[Collected data]

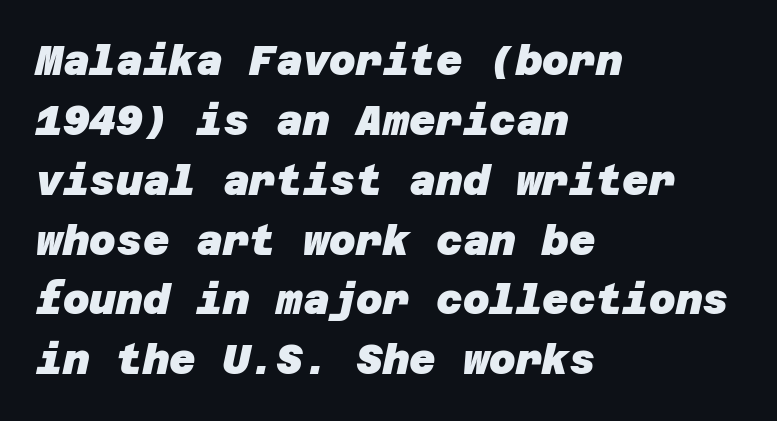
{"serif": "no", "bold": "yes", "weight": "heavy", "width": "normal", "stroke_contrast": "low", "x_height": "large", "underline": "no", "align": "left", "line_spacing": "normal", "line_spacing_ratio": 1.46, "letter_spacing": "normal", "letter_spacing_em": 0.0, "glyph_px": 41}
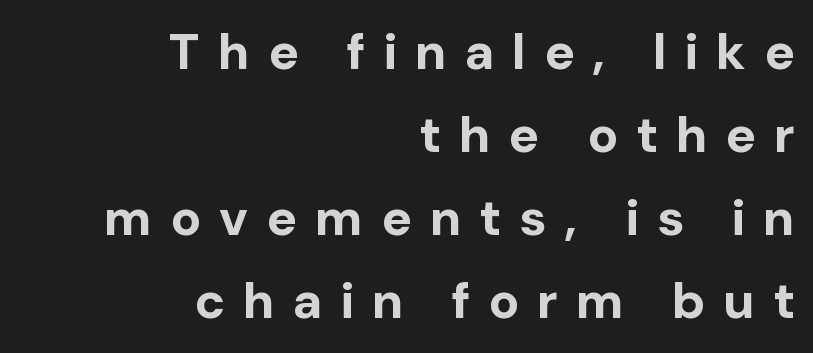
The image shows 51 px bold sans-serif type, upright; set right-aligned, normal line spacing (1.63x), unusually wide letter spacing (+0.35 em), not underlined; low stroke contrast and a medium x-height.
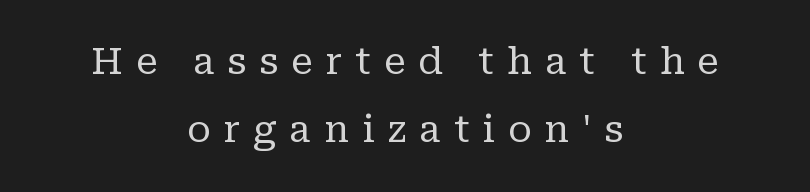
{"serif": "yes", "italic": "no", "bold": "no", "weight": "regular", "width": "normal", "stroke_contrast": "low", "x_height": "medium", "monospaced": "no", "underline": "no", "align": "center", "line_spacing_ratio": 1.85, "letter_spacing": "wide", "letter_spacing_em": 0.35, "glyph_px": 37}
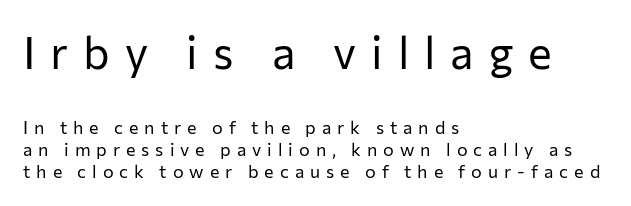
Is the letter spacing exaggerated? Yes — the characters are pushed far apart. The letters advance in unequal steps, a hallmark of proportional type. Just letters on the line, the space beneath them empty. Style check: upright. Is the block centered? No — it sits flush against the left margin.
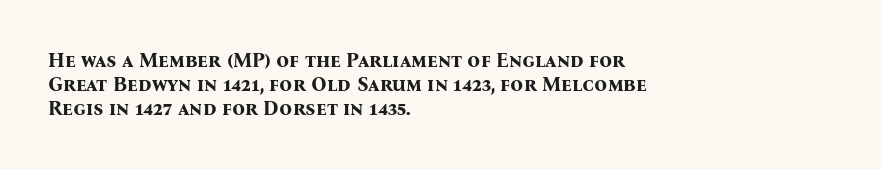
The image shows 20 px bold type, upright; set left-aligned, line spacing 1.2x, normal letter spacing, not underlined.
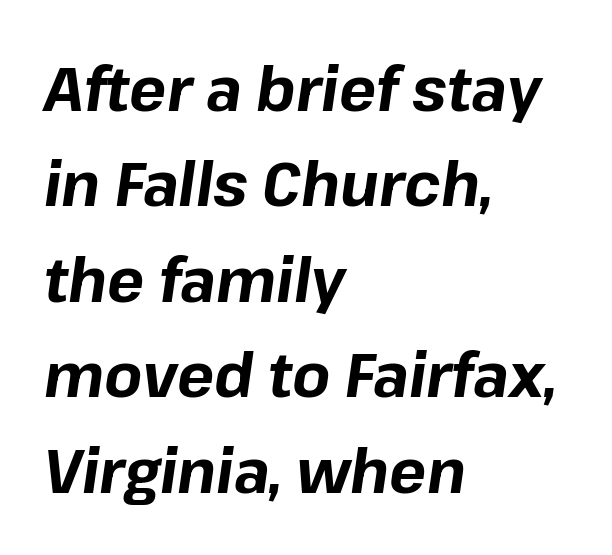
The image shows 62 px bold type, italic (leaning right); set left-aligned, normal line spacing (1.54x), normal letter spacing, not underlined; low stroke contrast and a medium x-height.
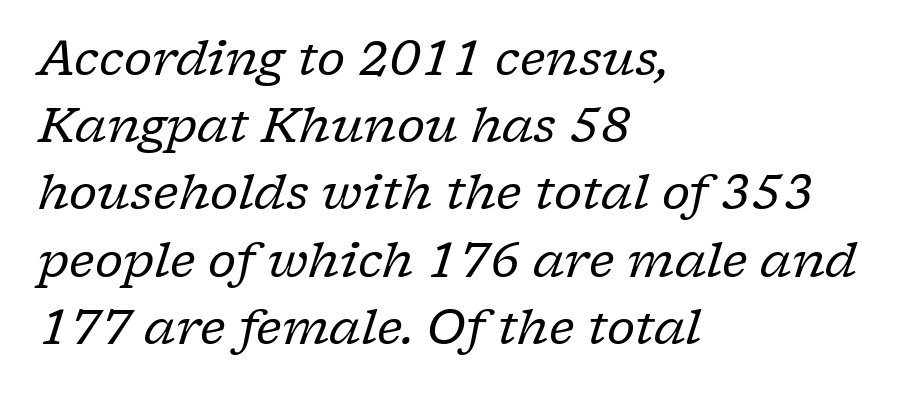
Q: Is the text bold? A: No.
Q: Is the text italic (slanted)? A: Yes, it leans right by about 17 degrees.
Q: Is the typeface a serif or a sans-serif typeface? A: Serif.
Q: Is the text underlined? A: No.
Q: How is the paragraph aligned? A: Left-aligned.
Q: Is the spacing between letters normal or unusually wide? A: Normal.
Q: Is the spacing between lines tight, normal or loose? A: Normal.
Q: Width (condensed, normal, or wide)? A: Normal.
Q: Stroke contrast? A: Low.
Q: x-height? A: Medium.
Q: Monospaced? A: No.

> Goal of the exercise
The requested lines run from the one with "Q: Is the typeface" through the last line of the records. Return them exactly.

> Task response
Q: Is the typeface a serif or a sans-serif typeface? A: Serif.
Q: Is the text underlined? A: No.
Q: How is the paragraph aligned? A: Left-aligned.
Q: Is the spacing between letters normal or unusually wide? A: Normal.
Q: Is the spacing between lines tight, normal or loose? A: Normal.
Q: Width (condensed, normal, or wide)? A: Normal.
Q: Stroke contrast? A: Low.
Q: x-height? A: Medium.
Q: Monospaced? A: No.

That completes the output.